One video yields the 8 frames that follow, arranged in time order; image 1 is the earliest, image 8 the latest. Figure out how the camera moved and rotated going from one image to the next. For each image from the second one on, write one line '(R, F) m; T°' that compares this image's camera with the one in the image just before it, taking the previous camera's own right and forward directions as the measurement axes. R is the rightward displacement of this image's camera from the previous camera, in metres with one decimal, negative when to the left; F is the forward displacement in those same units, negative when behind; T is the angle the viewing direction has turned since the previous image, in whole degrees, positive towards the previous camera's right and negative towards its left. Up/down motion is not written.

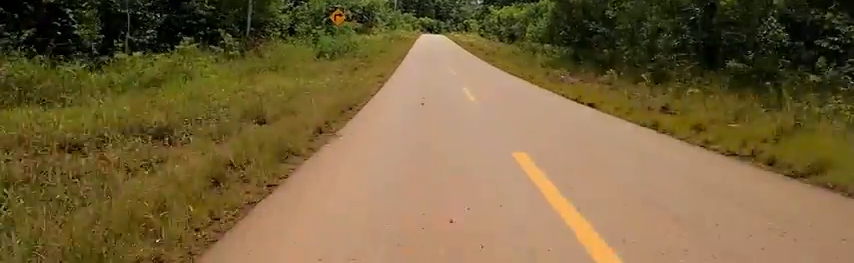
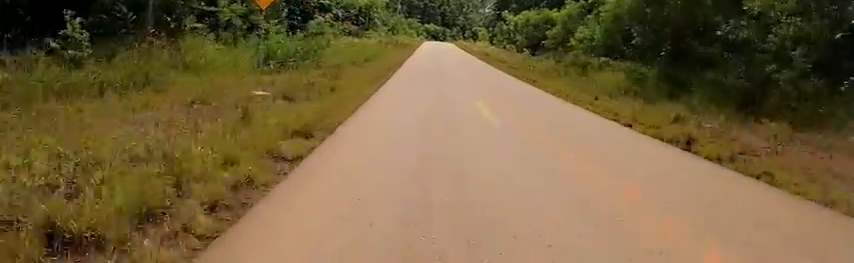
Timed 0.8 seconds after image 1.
(0.0, +10.7) m; 0°
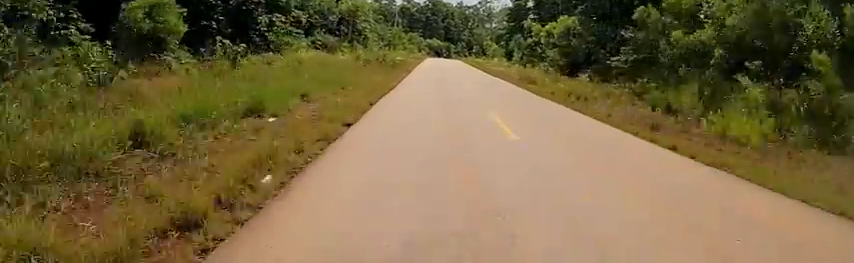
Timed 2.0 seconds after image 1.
(0.0, +16.3) m; 0°
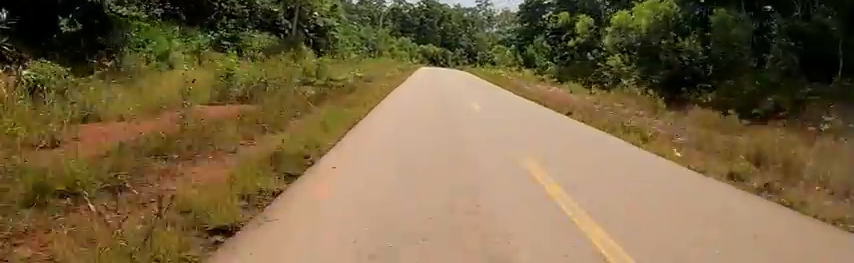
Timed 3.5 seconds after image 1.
(0.0, +19.6) m; 0°
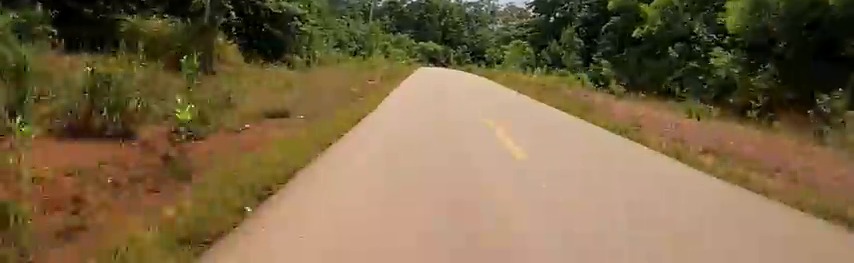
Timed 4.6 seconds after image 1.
(0.0, +13.3) m; 0°
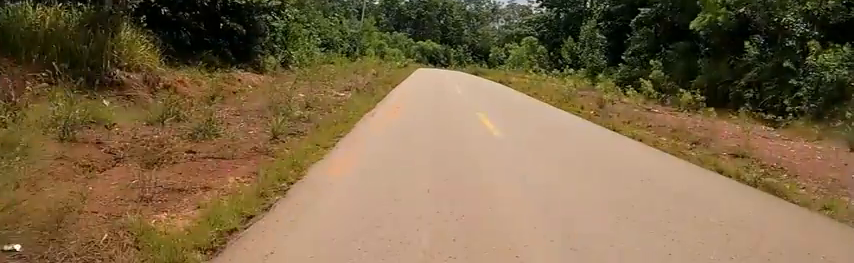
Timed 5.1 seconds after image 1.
(0.0, +6.4) m; 0°
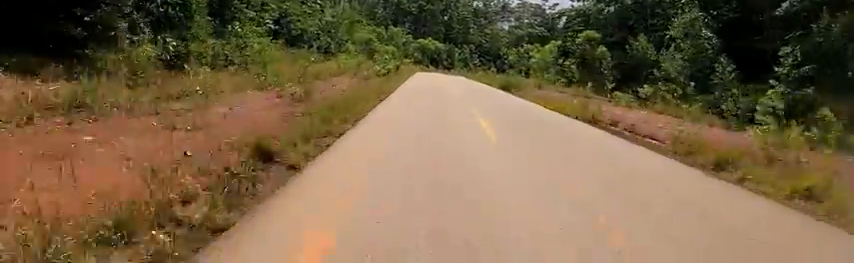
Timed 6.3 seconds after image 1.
(0.0, +15.6) m; 0°
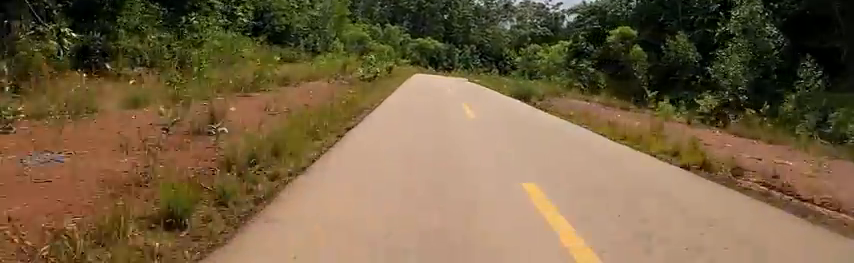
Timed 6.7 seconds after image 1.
(0.0, +5.0) m; 0°

★ ★ ★ ★ ★ ★ ★

## EXERCISE INSTRUCTIONS
Only an exact copy of the lines from the one with "Timed 3.5 seconds after image 1." through the last line of the data above is wanted, and no pictures.

## EXERCISE SOLUTION
Timed 3.5 seconds after image 1.
(0.0, +19.6) m; 0°
Timed 4.6 seconds after image 1.
(0.0, +13.3) m; 0°
Timed 5.1 seconds after image 1.
(0.0, +6.4) m; 0°
Timed 6.3 seconds after image 1.
(0.0, +15.6) m; 0°
Timed 6.7 seconds after image 1.
(0.0, +5.0) m; 0°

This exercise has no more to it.